YOUR ASSIGNMENT:
Report how many lines in the data below hold "light", with no other words.

[SUPPLIED MATERIAL Boundary: Start]

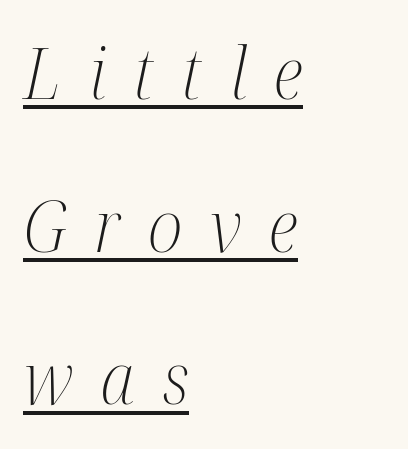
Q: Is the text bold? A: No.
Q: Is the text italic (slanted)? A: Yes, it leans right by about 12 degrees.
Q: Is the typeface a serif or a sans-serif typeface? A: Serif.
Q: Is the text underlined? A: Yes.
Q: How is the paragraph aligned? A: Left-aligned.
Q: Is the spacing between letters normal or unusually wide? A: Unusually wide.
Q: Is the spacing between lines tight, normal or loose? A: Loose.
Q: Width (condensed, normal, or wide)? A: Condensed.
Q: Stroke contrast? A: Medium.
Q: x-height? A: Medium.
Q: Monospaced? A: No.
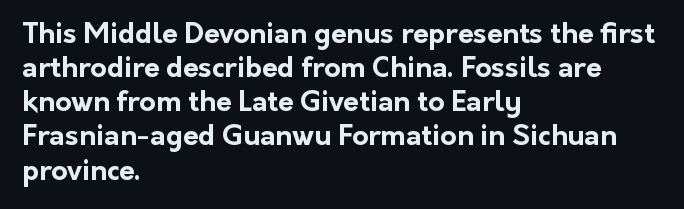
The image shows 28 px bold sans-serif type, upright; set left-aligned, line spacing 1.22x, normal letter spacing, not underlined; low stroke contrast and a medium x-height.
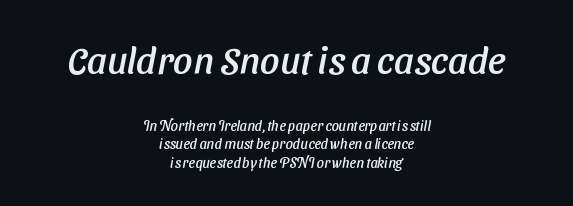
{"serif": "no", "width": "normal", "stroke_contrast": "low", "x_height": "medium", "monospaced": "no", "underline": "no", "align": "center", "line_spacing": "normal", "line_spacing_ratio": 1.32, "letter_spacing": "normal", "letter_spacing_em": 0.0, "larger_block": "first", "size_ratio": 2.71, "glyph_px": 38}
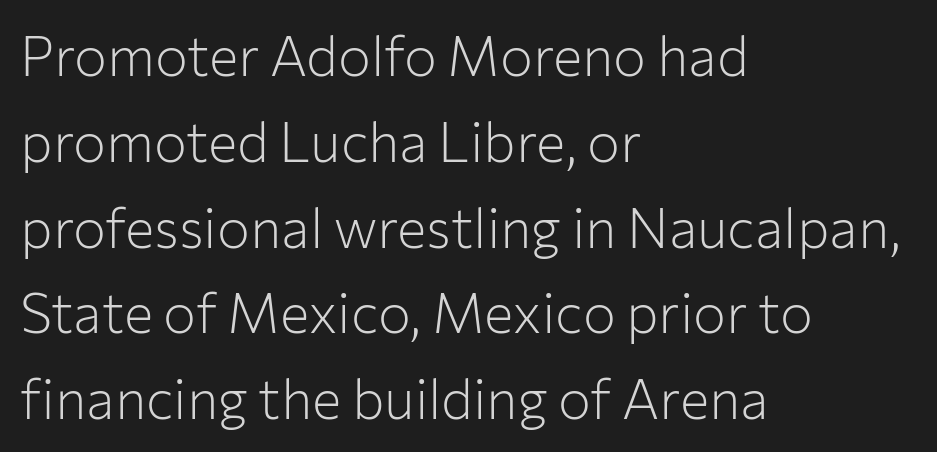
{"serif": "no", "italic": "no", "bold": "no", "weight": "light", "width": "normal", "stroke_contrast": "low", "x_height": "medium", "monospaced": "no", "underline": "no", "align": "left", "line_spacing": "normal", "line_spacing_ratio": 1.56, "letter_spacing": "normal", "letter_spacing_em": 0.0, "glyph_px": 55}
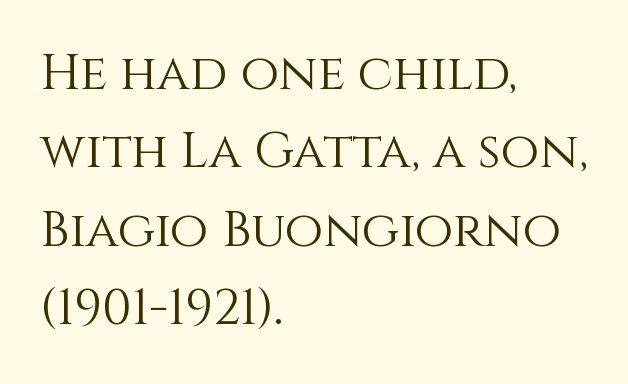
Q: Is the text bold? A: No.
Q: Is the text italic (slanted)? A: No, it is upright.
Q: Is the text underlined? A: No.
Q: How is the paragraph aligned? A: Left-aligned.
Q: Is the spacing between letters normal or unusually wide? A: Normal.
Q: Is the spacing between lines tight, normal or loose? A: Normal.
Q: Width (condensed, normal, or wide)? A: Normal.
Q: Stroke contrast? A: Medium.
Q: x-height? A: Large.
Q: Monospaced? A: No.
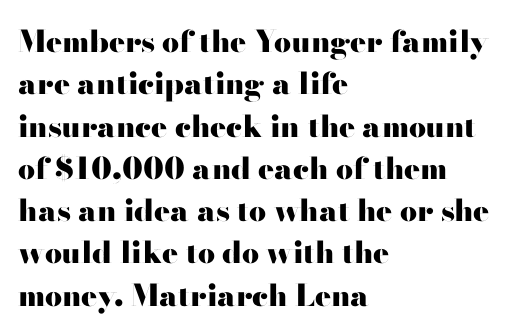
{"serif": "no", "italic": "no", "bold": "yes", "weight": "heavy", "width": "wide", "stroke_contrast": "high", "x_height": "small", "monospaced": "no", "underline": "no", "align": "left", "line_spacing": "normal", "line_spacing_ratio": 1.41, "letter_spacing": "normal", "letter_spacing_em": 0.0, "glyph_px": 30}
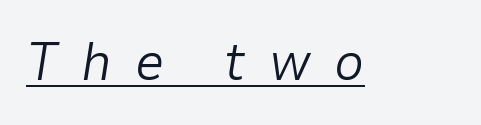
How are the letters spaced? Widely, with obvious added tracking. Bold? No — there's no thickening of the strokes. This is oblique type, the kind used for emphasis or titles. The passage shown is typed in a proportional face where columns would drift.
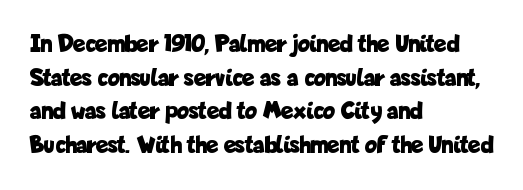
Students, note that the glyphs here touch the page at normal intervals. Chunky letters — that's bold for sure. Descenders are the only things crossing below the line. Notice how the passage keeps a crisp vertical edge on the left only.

[SUPPLIED MATERIAL Boundary: End]
[SUPPLIED MATERIAL Boundary: Start]

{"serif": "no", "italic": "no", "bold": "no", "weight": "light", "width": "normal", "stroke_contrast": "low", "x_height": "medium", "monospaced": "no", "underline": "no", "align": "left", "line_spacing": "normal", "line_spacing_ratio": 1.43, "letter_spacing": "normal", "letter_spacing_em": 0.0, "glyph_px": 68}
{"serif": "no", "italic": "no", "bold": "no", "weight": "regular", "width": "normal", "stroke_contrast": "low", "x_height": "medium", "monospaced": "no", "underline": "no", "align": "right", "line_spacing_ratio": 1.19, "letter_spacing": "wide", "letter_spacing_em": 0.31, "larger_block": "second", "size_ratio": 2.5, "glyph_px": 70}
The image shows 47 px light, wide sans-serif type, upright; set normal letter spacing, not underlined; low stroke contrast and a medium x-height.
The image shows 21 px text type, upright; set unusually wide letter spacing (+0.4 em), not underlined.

[SUPPLIED MATERIAL Boundary: End]

TASK ANSWER:
3